# 3.2 - Point Estimate Printer-friendly version
• The least square estimation of  $\hat{\beta}$ is:

$\hat{\beta} =(X^{T}X)^{-1}X^{T}y$

• The fitted value vector is:

$\hat{y} =X\hat{\beta}=X(X^{T}X)^{-1}X^{T}y$

• Hat matrix:

$H=X(X^{T}X)^{-1}X^{T}$

#### Geometric Interpretation

Each column of X is a vector in an N-dimensional space (not the p+1 dimensional feature vector space). Here, we take out columns in matrix X, and this is why they live in N dimensional space. Values for the same variable across all of the samples are put in a vector. I represent this input matrix as the matrix formed by the column vectors:

X = (x0, x1, ..., xp)

Here x0 is the column of 1's for the intercept term.  It turns out that the fitted output vector $\hat{y}$ is a linear combination of the column vectors xj, j = 0, 1, ... , p. Go back and look at the matrix and you will see this.

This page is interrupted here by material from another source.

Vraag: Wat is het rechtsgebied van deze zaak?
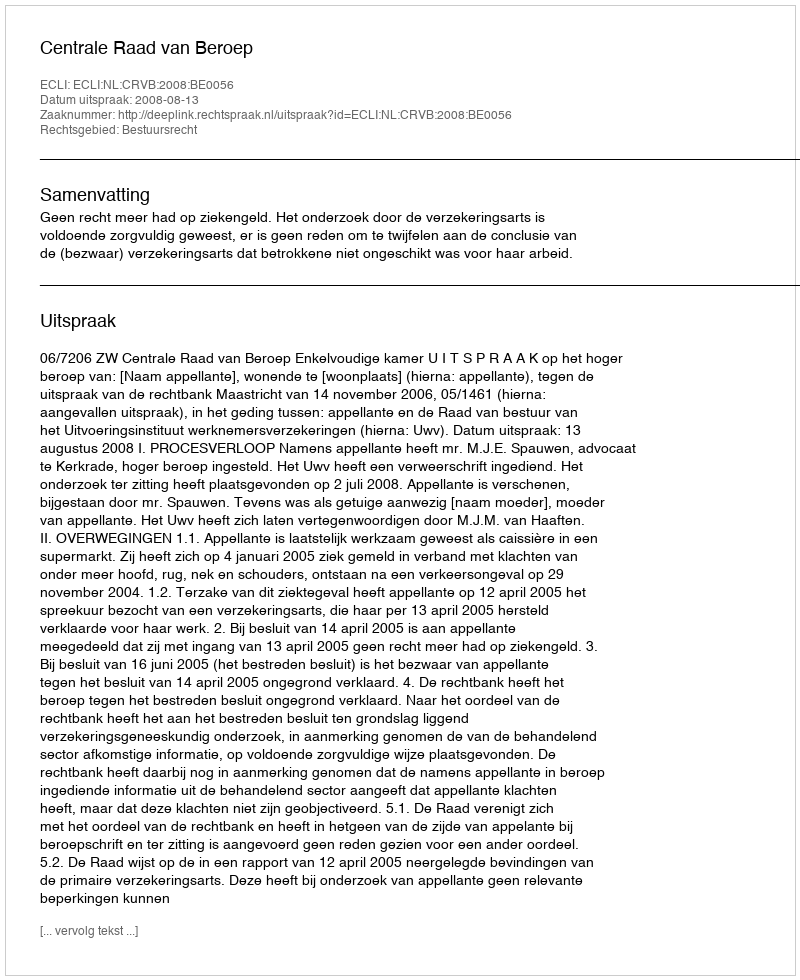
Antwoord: Bestuursrecht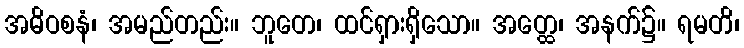
အဓိဝစနံ၊ အမည်တည်း။ ဘူတေ၊ ထင်ရှားရှိသော။ အတ္ထေ၊ အနက်၌။ ရမတိ၊

This means that $\hat{y}$ lies in the subspace spanned by xj , j = 0, 1, ... , p.

The dimension of the column vectors is N, the number of samples. Usually the number of samples is much bigger than the dimension p. The true y can be any point in this N dimensional space. What we want to find is an approximation constraint in the p+1 dimensional space such that the distance between the true y and the approximation is minimized. It turns out that the residual sum of squares is equal to the square of the Euclidean distance between y and $\hat{y}$.

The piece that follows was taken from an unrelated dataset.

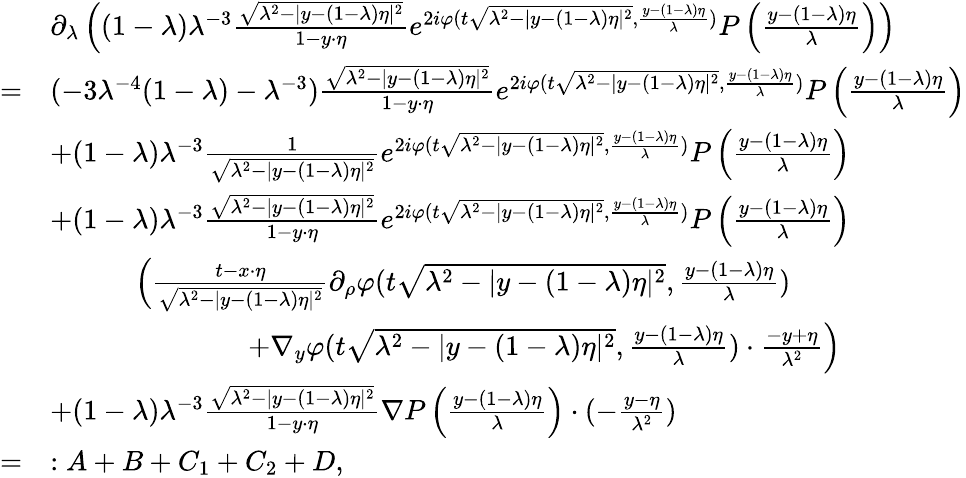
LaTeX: \begin{array}{rl}&{\partial_{\lambda}\left((1-\lambda)\lambda^{-3}\frac{\sqrt{\lambda^{2}-|y-(1-\lambda)\eta|^{2}}}{1-y\cdot\eta}e^{2i\varphi(t\sqrt{\lambda^{2}-|y-(1-\lambda)\eta|^{2}},\frac{y-(1-\lambda)\eta}{\lambda})}P\left(\frac{y-(1-\lambda)\eta}{\lambda}\right)\right)}\\ {=}&{(-3\lambda^{-4}(1-\lambda)-\lambda^{-3})\frac{\sqrt{\lambda^{2}-|y-(1-\lambda)\eta|^{2}}}{1-y\cdot\eta}e^{2i\varphi(t\sqrt{\lambda^{2}-|y-(1-\lambda)\eta|^{2}},\frac{y-(1-\lambda)\eta}{\lambda})}P\left(\frac{y-(1-\lambda)\eta}{\lambda}\right)}\\ &{+(1-\lambda)\lambda^{-3}\frac{1}{\sqrt{\lambda^{2}-|y-(1-\lambda)\eta|^{2}}}e^{2i\varphi(t\sqrt{\lambda^{2}-|y-(1-\lambda)\eta|^{2}},\frac{y-(1-\lambda)\eta}{\lambda})}P\left(\frac{y-(1-\lambda)\eta}{\lambda}\right)}\\ &{+(1-\lambda)\lambda^{-3}\frac{\sqrt{\lambda^{2}-|y-(1-\lambda)\eta|^{2}}}{1-y\cdot\eta}e^{2i\varphi(t\sqrt{\lambda^{2}-|y-(1-\lambda)\eta|^{2}},\frac{y-(1-\lambda)\eta}{\lambda})}P\left(\frac{y-(1-\lambda)\eta}{\lambda}\right)}\\ &{\quad\quad\quad\Big(\frac{t-x\cdot\eta}{\sqrt{\lambda^{2}-|y-(1-\lambda)\eta|^{2}}}\partial_{\rho}\varphi(\textstyle t\sqrt{\lambda^{2}-|y-(1-\lambda)\eta|^{2}},\frac{y-(1-\lambda)\eta}{\lambda})}\\ &{\quad\quad\quad\quad\quad\quad\quad+\nabla_{y}\varphi(\textstyle t\sqrt{\lambda^{2}-|y-(1-\lambda)\eta|^{2}},\frac{y-(1-\lambda)\eta}{\lambda})\cdot\frac{-y+\eta}{\lambda^{2}}\Big)}\\ &{+(1-\lambda)\lambda^{-3}\frac{\sqrt{\lambda^{2}-|y-(1-\lambda)\eta|^{2}}}{1-y\cdot\eta}\nabla P\left(\frac{y-(1-\lambda)\eta}{\lambda}\right)\cdot(-\frac{y-\eta}{\lambda^{2}})}\\ {=}&{:A+B+C_{1}+C_{2}+D,}\end{array}

$RSS(\hat{\beta})=\parallel y - \hat{y}\parallel^2$

For the optimal solution, $y-\hat{y}$ has to be perpendicular to the subspace, i.e.,  $\hat{y}$ is the projection of y on the subspace spanned by xj , j = 0, 1, ... , p.

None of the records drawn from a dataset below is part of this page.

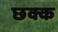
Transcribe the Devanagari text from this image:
छक्क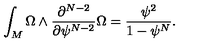
\int _ { M } \Omega \wedge \frac { \partial ^ { N - 2 } } { \partial \psi ^ { N - 2 } } \Omega = \frac { \psi ^ { 2 } } { 1 - \psi ^ { N } } .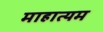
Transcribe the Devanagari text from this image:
माहात्यम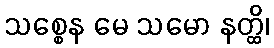
သစ္စေန မေ သမော နတ္ထိ၊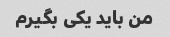
من باید یکی بگیرم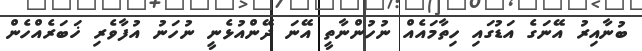
ބުނާއިރު އޭނަގެ އަޑުގައި ހިތާމައެއް ނުހުންނާތީ އޭނަ ދޭންއުޅެނީ ނުހަނު އުފާވެރި ޚަބަރެއްހެން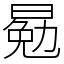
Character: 𣈳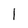
Character: 1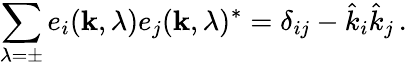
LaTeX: \sum_{\lambda=\pm}e_{i}({\mathbf k},\lambda)e_{j}({\mathbf k},\lambda)^{\ast}=\delta_{ij}-\hat{k}_{i}\hat{k}_{j}\, .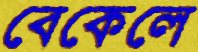
বেকেলে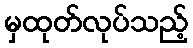
မှထုတ်လုပ်သည့်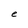
Character: e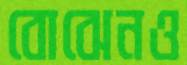
বোঝেনও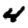
Digit: 4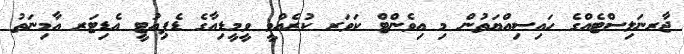
ޖާރނަލިސްޓެއްގެ ހައިސިއްޔަތުން މި އިވެންޓް ކަވަރ ކުރެއްވީ ވީމީޑިއާގެ ޑެޕިއުޓީ އެޑިޓަރ އާމިނަތު

Geometrically speaking let's look at a really simple example. Take a look at the diagram below. What we want to find is a $\hat{y}$ that lies in the hyperplane defined or spanned by x1 and x2. You would draw a perpendicular line from y to the plane to find $\hat{y}$. This comes from a basic geometric fact. In general, if you want to find some point in a subspace to represent some point in a higher dimensional space, the best you can do is to project that point to your subspace. The difference between your approximation and the true vector has to be perpendicular to the subspace.

The geometric interpretation is very helpful for understanding coefficient shrinkage and subset selection (covered in Lessons 4 and 5).